Não é que a natureza divina esteja infundida nos crentes. Nossa união com
Cristo é espiritual e pessoal — efetuada pela habitação do Espírito do Filho do
Pai.
Note, então,
o raro e delicado quadro que Jesus pinta para expressar a beleza e a intimidade
dessa união: ela envolve nada menos que o Pai e o Filho fazendo morada no
coração do crente (v. 23).
Significativamente,
Jesus não exige que os crentes façam uma dúzia de coisas — exceto crer e amar.

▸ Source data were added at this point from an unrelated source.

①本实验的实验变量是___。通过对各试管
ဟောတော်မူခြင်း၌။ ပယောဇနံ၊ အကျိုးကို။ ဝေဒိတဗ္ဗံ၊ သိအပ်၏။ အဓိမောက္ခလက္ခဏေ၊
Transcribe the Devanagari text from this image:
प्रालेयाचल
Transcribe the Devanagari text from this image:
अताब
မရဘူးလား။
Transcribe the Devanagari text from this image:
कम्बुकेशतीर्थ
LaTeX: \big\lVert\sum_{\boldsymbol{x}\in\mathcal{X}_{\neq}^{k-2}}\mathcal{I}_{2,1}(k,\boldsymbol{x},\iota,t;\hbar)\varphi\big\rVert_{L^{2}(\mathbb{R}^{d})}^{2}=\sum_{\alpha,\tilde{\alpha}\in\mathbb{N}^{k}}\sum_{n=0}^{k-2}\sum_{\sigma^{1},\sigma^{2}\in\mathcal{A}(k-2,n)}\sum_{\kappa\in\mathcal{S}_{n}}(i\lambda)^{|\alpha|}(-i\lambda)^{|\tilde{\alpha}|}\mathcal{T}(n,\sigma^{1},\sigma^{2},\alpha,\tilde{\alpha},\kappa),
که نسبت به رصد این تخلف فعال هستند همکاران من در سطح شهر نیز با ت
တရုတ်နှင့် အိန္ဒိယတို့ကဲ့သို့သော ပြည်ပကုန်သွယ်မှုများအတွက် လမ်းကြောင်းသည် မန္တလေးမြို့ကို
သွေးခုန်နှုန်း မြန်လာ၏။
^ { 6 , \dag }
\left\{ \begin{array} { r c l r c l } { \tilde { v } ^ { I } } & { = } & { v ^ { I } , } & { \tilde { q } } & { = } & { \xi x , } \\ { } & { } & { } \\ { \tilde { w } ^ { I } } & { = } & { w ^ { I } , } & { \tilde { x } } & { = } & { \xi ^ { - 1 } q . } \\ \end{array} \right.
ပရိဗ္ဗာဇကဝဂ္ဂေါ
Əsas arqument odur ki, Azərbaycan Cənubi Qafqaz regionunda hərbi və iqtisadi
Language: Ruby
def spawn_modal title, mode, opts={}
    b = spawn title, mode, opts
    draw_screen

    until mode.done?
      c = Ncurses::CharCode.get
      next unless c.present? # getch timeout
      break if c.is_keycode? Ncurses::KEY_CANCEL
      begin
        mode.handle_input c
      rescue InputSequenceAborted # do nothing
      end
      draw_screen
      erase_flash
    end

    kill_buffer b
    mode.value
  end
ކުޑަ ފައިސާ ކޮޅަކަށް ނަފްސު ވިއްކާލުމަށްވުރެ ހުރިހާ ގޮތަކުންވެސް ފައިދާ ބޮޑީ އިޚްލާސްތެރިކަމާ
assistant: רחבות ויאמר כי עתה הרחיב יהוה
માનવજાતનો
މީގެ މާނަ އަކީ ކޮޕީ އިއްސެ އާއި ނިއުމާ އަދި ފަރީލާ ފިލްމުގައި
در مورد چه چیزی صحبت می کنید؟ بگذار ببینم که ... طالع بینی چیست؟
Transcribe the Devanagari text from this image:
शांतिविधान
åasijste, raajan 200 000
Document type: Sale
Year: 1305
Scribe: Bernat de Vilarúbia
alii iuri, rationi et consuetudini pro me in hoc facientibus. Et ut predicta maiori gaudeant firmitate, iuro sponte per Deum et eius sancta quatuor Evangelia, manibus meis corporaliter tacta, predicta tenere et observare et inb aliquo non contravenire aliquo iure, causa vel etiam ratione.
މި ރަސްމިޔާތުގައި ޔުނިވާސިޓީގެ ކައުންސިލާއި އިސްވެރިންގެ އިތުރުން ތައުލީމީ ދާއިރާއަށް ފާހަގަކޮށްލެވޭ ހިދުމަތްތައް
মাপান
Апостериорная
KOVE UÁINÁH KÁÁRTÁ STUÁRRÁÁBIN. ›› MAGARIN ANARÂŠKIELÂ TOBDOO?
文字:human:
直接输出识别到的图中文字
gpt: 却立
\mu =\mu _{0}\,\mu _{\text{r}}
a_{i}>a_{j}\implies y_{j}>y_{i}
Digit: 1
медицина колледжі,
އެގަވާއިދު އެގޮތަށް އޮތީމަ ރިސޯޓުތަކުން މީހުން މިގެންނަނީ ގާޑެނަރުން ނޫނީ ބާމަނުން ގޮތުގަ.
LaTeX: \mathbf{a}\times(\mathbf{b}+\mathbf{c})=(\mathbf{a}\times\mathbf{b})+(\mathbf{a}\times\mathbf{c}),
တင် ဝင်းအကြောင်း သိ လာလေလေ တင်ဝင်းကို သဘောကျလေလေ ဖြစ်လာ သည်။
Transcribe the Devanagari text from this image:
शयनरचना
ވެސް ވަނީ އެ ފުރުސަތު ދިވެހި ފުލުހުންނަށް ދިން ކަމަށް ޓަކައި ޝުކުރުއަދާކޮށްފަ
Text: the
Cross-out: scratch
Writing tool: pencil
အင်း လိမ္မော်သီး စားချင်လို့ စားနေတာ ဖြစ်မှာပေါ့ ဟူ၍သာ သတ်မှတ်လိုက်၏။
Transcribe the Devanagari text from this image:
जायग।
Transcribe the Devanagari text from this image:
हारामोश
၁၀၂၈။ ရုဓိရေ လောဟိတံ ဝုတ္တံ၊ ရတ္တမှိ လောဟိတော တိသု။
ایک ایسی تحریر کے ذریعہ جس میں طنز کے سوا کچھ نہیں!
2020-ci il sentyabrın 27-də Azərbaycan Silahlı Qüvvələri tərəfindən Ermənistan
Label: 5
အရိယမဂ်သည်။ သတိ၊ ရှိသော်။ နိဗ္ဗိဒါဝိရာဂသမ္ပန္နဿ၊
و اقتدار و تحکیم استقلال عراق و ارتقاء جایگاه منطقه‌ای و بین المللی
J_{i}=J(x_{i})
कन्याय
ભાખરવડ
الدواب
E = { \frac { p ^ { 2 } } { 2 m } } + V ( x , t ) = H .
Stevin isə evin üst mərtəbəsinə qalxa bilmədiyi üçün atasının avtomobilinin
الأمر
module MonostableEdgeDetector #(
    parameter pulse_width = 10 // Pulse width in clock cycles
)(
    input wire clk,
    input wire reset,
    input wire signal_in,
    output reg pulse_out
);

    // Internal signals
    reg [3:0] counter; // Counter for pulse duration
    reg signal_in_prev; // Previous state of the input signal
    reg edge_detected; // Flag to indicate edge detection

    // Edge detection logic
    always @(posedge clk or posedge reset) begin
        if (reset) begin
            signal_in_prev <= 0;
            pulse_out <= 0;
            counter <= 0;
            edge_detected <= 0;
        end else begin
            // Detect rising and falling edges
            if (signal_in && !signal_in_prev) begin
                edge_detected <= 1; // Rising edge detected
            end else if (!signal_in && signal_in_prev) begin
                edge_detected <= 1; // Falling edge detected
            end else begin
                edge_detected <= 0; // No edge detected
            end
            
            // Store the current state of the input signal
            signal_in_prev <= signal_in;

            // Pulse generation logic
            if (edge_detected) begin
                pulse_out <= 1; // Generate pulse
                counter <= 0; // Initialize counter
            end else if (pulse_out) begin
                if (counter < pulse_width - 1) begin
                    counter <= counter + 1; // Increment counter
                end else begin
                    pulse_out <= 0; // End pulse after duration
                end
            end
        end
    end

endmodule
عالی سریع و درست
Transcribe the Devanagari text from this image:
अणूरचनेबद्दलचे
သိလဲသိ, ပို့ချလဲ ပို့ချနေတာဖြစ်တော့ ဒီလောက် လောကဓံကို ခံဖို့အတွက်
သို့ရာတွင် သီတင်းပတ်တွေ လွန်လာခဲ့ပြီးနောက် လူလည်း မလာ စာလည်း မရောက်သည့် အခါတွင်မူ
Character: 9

Pois esta é a percepção (“naquele dia vós conhecereis”; v. 20) da realidade e
da magnitude dessa união com Deus Trino através da união com Cristo que
transforma o pensamento, o sentimento, a disposição, o amor e,
consequentemente, as ações do crente. Nessa união, o Pai apara os ramos da
vinha para dar mais fruto (15:2). Na mesma união, o Filho guarda todos aqueles
que o Pai lhe deu (17:12).
Não me
surpreende que John Donne tenha orado:
Invade meu
coração, Deus trino; pois fazes tudo, menos bater; respire, brilhe, e busque
consertar; Que eu levante e permaneça, me derrube, e empenhe Tua força para
quebrar, soprar, queimar, e fazer-me novo. Eu, como uma cidadela usurpada por
outros, Trabalho para deixa-lo entrar, mas ah, sem resultado; Razão, vosso
vice-rei em mim, eu deveria defender, Mas está cativo e se prova fraco ou
falso. Ainda assim em estima te amo, e seria alegremente amado, Mas estou noivo
de teu inimigo; Divorcie-se de mim, desate ou quebre o nó novamente, Leve-me
contigo, me aprisione, pois eu, a menos que me encantes, nunca serei livre, Nem
nunca serei puro, a menos que me arrebates. (Holy Sonnets XIV – Santos Sonetos
XIV)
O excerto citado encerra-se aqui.